Ein Propaganda-Autor namens Petr Akopov verkündet – nach einem offensichtlich schusslos erwarteten Spaziergang am 24. und 25. Februar – Moskaus Sieg. Er verwendet Originalton Putin. Die „nationale Demütigung“ durch Verlust der Ukraine im Dezember 1991, diese „furchtbare Katastrophe und unnatürliche Zerrissenheit“, sei endlich überwunden.

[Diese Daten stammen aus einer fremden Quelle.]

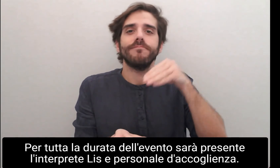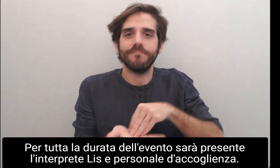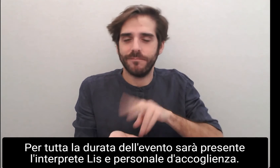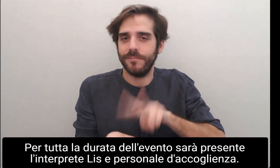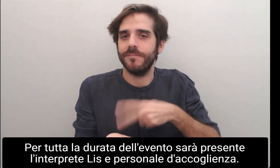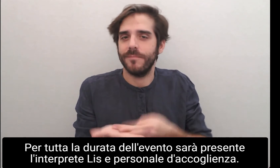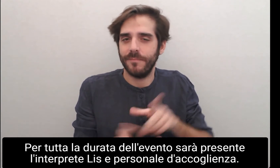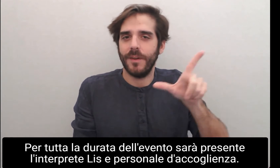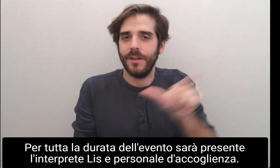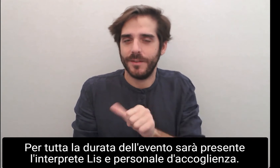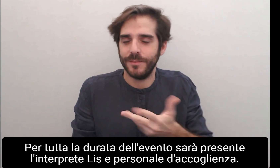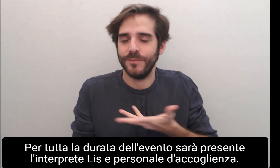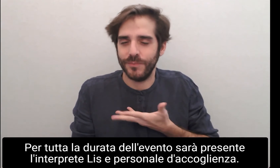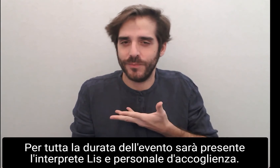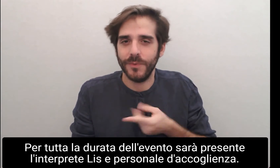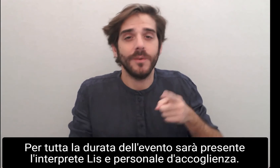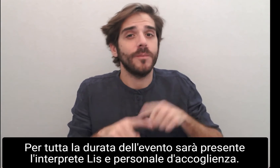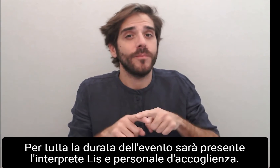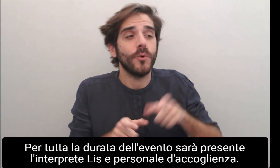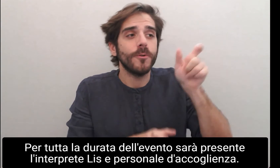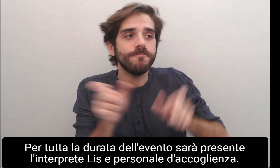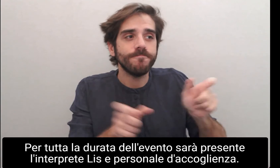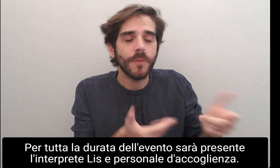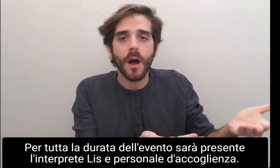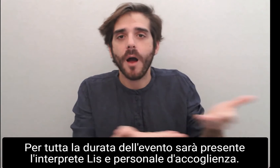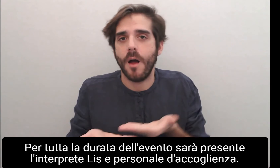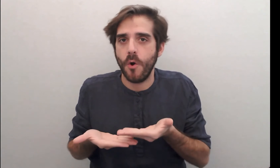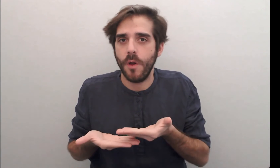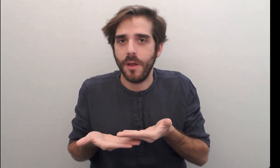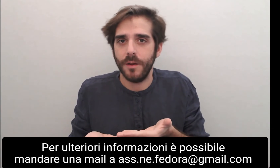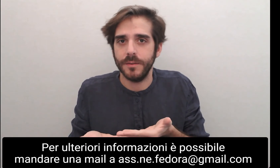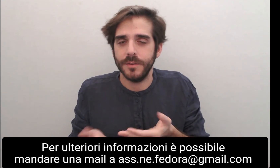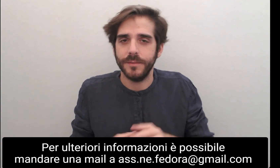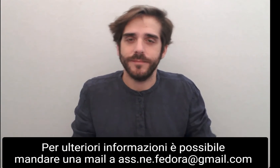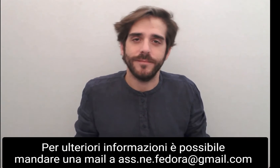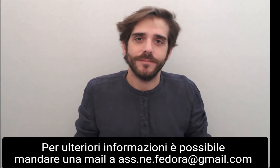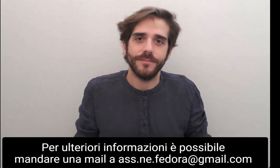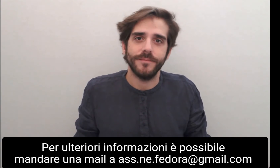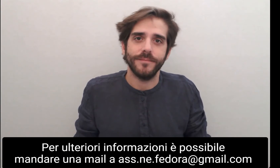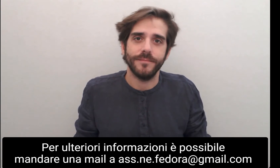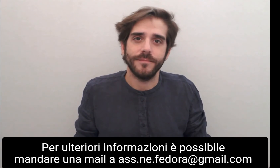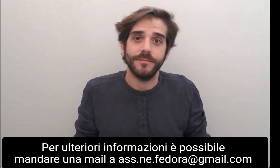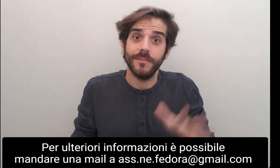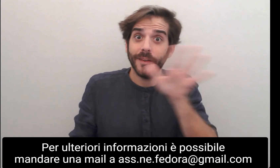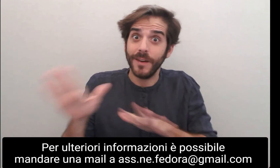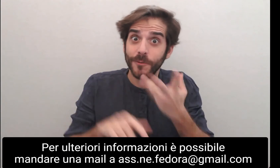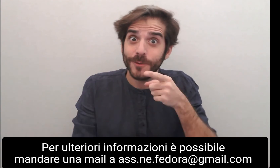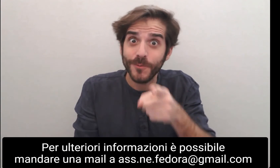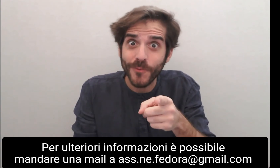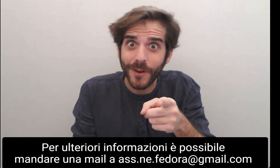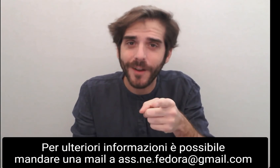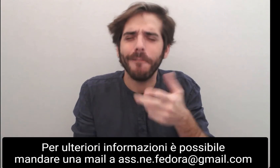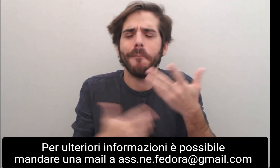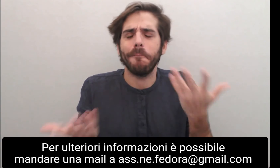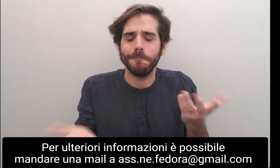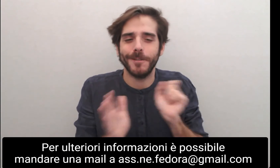e personale d'accoglienza qualificato. Per ulteriori informazioni è possibile mandare una mail a
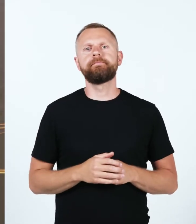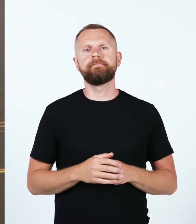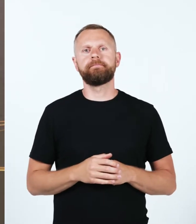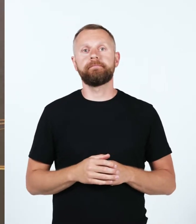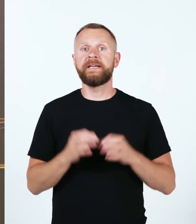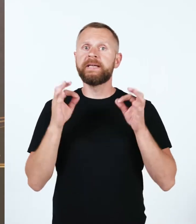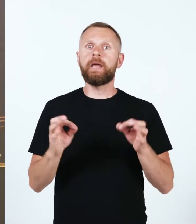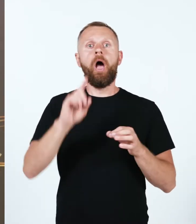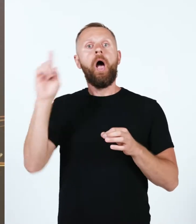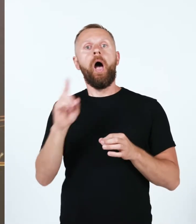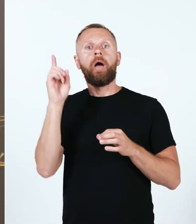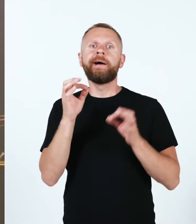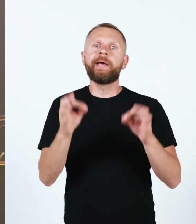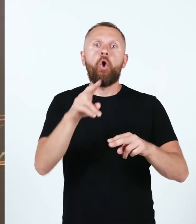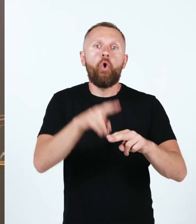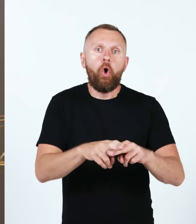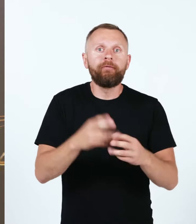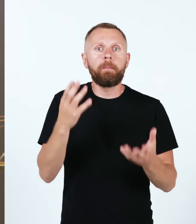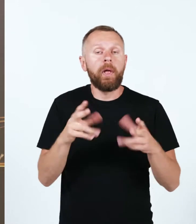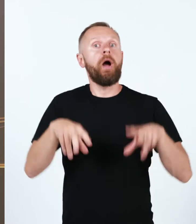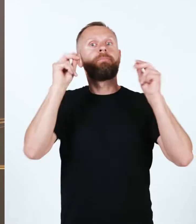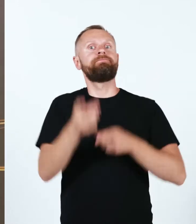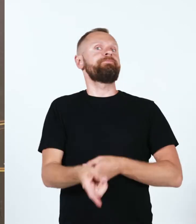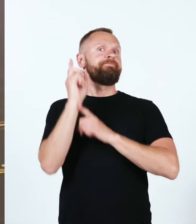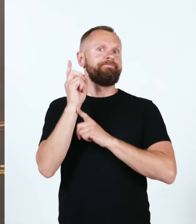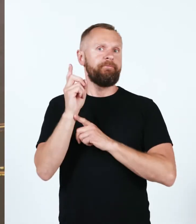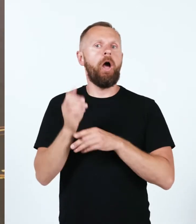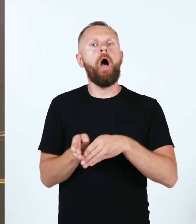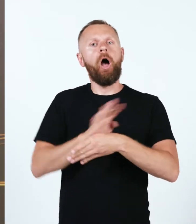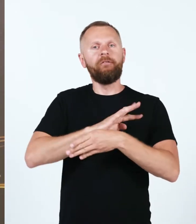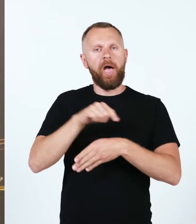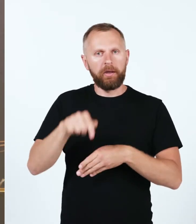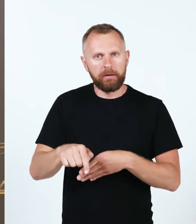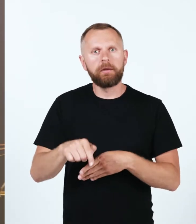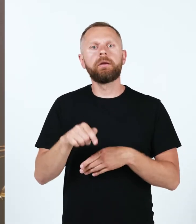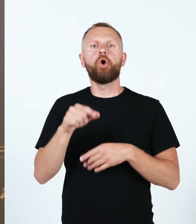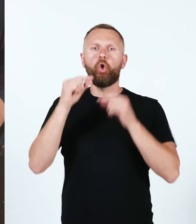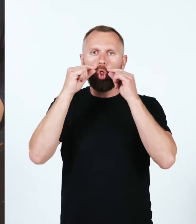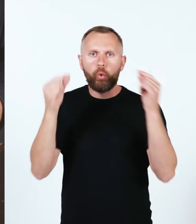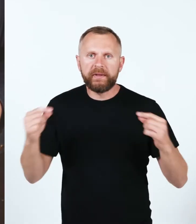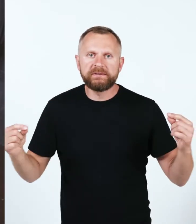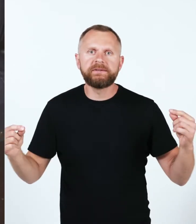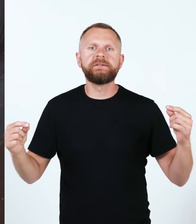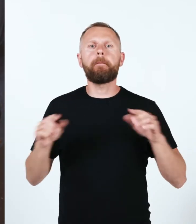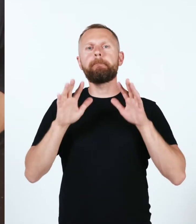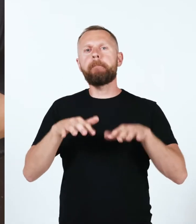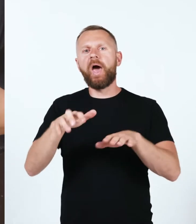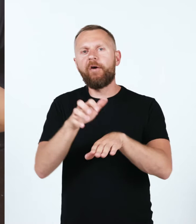Õige lajal õiges kohas olles võib saaremal näkata ka haug, luts, teib, meriforel ja miks mitte ka angerjas.

Putin habe ganz allein „ohne einen Tropfen Übertreibung eine große historische Verantwortung übernommen, um die Lösung der ukrainischen Frage nicht künftigen Generationen aufzuhalsen“. Nun werde die Ukraine „reorganisiert, wiederhergestellt und in ihren natürlichen Zustand als Teil der russischen Welt zurückgeführt“.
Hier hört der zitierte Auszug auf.